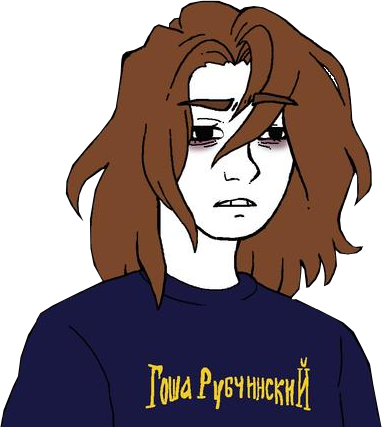
Label: 5_Twinkjak
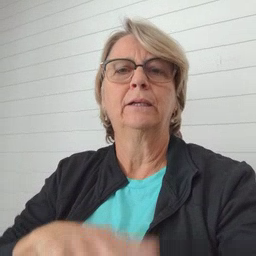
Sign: weus
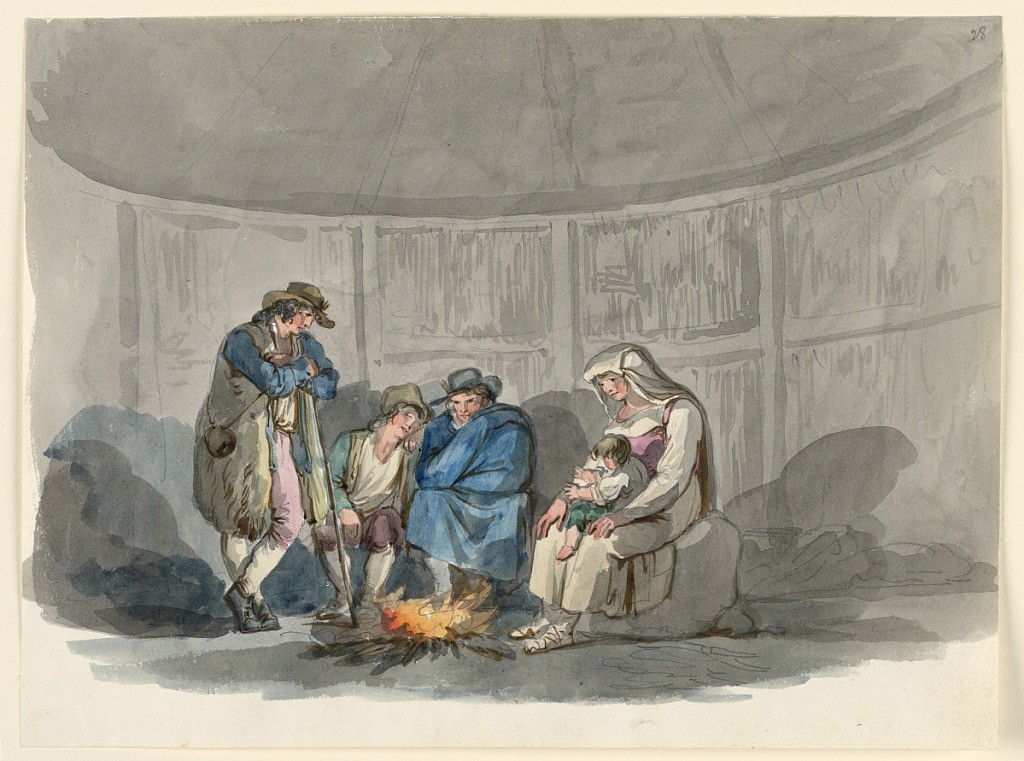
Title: A Family of Shepherds at Night
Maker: Bartolomeo Pinelli, Italian, 1781–1835
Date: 1807–08
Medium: Paper
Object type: Drawing
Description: A standing shepherd and a seated woman with a child on her lap, similar to plate 28, loc. cit., are connected by a sleeping boy and a seated man. The setting represents a circular wooden shed with a pointed roof.
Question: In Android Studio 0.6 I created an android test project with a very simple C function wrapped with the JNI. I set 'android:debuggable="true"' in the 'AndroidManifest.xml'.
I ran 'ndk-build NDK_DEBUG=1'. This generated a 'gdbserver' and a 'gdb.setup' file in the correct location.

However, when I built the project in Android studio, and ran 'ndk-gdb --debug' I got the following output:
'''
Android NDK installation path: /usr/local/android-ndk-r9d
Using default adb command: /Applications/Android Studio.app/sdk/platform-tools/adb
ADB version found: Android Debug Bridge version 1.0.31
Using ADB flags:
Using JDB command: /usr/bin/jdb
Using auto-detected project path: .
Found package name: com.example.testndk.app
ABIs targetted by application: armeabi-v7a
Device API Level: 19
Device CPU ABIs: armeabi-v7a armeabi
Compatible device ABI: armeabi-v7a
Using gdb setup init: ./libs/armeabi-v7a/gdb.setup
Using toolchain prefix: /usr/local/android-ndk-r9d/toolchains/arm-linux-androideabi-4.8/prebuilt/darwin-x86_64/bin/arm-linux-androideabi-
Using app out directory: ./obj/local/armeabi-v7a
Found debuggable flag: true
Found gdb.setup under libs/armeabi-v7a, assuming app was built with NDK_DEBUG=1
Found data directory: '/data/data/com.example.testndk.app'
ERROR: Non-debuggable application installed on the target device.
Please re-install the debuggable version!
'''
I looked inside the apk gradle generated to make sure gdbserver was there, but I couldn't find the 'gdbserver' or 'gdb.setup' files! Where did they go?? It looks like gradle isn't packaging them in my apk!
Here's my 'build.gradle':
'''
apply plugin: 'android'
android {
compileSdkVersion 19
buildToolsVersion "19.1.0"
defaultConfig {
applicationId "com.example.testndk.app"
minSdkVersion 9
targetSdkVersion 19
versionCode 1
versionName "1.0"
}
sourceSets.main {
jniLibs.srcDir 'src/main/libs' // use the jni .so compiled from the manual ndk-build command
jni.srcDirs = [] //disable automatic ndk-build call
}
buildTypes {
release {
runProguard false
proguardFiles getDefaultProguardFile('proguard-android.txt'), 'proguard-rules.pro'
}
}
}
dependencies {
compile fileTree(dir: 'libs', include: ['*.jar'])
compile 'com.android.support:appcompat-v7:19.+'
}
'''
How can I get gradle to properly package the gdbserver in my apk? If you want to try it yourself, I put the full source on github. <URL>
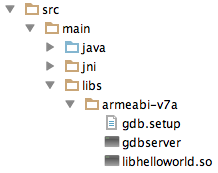
Answer: I've experimented the same issue.
Setting this:
'''
android{
buildTypes {
debug {
jniDebuggable true
}
}
}
'''
wouldn't help since you don't rely on the android-plugin NDK integration.
One (not-so-good) solution is to manually copy the gdbserver and gdb.setup files to your app's 'nativeLibraryPath' directory on the device, after your apk has been installed.
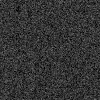
Atmospheric dust classification: dusty
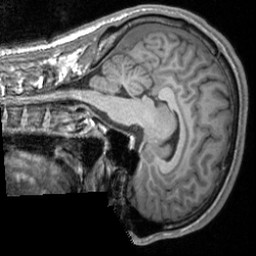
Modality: T1w
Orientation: sagittal
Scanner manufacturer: siemens
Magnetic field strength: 3 T
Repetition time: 1.9 s
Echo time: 0.00226 s
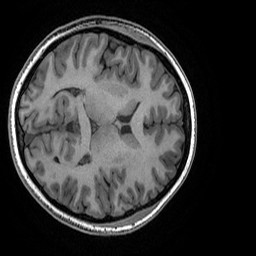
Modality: T1w
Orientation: axial
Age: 22
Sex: female
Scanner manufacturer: ge
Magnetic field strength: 3 T
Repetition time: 0.008184 s
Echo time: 0.003192 s
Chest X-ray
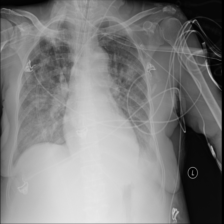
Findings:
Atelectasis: negative
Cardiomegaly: negative
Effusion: positive
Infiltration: negative
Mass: negative
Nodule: negative
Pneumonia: negative
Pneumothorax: negative
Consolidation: negative
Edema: negative
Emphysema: negative
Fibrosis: negative
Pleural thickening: negative
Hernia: negative
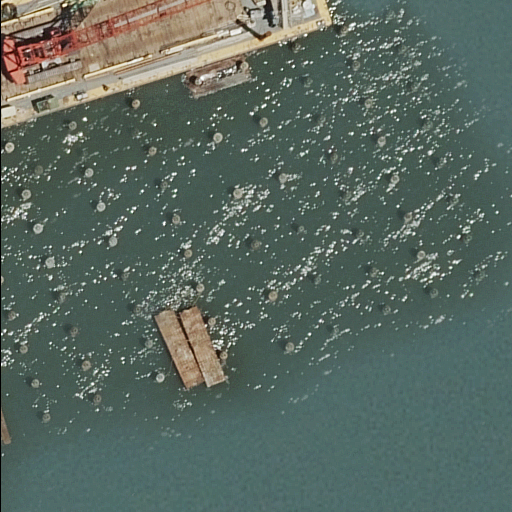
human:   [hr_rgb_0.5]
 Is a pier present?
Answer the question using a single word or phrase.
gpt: yes

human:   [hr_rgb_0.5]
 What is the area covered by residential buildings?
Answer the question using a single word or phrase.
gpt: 2m2

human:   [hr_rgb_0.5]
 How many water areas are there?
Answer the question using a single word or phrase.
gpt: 1

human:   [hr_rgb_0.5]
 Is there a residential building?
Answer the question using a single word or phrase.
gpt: yes

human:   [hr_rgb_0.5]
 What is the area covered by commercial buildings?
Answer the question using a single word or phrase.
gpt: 0m2

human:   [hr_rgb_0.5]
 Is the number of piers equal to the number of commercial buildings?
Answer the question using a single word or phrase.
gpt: no

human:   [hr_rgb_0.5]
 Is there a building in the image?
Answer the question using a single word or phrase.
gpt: yes

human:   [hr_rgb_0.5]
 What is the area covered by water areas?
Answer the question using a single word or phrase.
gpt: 10629m2

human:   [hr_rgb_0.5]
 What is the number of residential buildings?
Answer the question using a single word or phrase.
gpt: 1

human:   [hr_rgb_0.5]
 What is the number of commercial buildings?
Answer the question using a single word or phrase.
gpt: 0

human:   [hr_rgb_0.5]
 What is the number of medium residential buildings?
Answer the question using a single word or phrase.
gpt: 0

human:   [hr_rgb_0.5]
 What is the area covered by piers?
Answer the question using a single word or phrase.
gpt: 2m2

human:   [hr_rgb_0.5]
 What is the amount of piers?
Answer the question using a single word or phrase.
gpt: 1

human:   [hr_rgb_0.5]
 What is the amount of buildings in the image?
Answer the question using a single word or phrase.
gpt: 1

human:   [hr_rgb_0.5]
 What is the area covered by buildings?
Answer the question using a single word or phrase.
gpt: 2m2

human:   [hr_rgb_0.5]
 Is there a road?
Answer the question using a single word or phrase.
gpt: no

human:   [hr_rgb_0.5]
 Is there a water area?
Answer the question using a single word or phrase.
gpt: yes

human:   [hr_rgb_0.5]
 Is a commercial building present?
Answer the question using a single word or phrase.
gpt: no

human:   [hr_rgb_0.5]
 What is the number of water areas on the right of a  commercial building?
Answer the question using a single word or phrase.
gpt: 0

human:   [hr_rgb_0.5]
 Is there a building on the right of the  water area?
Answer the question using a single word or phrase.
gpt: yes

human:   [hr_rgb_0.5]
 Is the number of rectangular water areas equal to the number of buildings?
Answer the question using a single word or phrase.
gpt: yes

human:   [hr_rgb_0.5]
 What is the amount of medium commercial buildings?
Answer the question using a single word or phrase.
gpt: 0

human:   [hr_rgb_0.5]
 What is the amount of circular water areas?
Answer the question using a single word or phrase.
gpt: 0

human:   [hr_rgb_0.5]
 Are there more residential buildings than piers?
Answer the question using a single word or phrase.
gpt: no

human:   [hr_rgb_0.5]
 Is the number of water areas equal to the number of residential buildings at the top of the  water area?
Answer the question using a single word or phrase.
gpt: yes

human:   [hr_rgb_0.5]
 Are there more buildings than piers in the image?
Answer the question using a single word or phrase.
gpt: no

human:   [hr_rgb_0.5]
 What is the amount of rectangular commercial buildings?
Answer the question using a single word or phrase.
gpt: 0

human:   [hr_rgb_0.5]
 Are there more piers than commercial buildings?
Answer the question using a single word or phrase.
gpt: yes

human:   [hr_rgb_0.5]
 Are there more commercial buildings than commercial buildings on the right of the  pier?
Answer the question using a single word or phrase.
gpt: no

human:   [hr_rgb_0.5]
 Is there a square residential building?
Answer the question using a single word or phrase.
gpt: no

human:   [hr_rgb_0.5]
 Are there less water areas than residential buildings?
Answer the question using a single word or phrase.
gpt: no

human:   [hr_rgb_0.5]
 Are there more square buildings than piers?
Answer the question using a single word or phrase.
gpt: no

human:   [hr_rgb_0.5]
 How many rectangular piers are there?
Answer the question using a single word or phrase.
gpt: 1

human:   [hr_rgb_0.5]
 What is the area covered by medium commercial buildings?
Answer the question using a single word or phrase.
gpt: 0m2

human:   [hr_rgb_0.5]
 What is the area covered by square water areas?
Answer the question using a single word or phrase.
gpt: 0m2

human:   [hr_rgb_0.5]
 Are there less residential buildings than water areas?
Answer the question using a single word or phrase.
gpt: no

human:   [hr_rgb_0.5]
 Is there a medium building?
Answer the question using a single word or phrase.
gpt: no

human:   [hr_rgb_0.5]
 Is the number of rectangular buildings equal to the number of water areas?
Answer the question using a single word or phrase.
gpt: yes

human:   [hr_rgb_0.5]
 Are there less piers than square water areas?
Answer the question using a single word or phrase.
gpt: no

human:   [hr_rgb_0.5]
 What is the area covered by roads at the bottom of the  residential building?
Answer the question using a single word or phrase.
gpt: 0m2

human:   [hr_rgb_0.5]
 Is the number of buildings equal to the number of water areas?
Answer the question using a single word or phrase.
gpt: yes

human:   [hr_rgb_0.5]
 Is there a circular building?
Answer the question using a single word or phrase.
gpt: no

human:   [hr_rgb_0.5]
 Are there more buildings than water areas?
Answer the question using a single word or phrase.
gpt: no

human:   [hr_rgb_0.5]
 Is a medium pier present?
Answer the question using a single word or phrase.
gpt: no

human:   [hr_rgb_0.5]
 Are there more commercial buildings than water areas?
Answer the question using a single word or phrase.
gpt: no

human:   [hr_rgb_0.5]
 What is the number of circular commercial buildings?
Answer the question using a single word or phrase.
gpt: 0

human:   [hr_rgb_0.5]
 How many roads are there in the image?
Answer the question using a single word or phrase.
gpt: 0

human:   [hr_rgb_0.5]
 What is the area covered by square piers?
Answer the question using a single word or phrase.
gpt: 0m2

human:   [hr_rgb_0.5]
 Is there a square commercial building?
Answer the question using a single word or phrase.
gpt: no

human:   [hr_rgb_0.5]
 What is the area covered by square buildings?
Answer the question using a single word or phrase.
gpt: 0m2

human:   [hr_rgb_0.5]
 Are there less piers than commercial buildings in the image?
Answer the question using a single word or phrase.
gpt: no

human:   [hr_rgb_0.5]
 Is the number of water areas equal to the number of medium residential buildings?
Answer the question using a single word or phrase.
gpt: no

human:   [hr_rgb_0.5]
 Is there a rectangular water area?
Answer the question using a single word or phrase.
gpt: yes

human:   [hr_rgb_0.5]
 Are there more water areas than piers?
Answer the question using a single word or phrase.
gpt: no

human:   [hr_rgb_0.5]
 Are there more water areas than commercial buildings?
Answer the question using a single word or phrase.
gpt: yes

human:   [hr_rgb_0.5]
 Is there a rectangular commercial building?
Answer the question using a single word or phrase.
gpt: no

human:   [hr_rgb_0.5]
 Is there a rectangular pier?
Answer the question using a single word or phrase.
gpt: yes

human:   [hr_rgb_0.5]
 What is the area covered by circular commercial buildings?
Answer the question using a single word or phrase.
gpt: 0m2

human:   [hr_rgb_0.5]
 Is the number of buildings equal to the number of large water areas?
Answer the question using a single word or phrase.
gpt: yes

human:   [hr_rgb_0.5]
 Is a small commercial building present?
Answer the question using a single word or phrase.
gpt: no

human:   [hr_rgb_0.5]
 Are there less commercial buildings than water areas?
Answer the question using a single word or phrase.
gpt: yes

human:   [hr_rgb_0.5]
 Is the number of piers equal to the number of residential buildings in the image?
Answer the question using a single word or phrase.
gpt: yes

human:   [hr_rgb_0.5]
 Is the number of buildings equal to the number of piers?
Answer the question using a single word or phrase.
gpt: yes

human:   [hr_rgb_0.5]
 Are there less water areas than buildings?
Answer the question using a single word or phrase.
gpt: no
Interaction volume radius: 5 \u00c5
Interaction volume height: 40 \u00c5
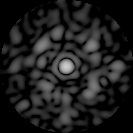
Disorder parameter: 0.6429

TASK OBJECTIVE. Determine the number of lines above holding the string "less". Reply with it and nothing more.

TASK SOLUTION. 6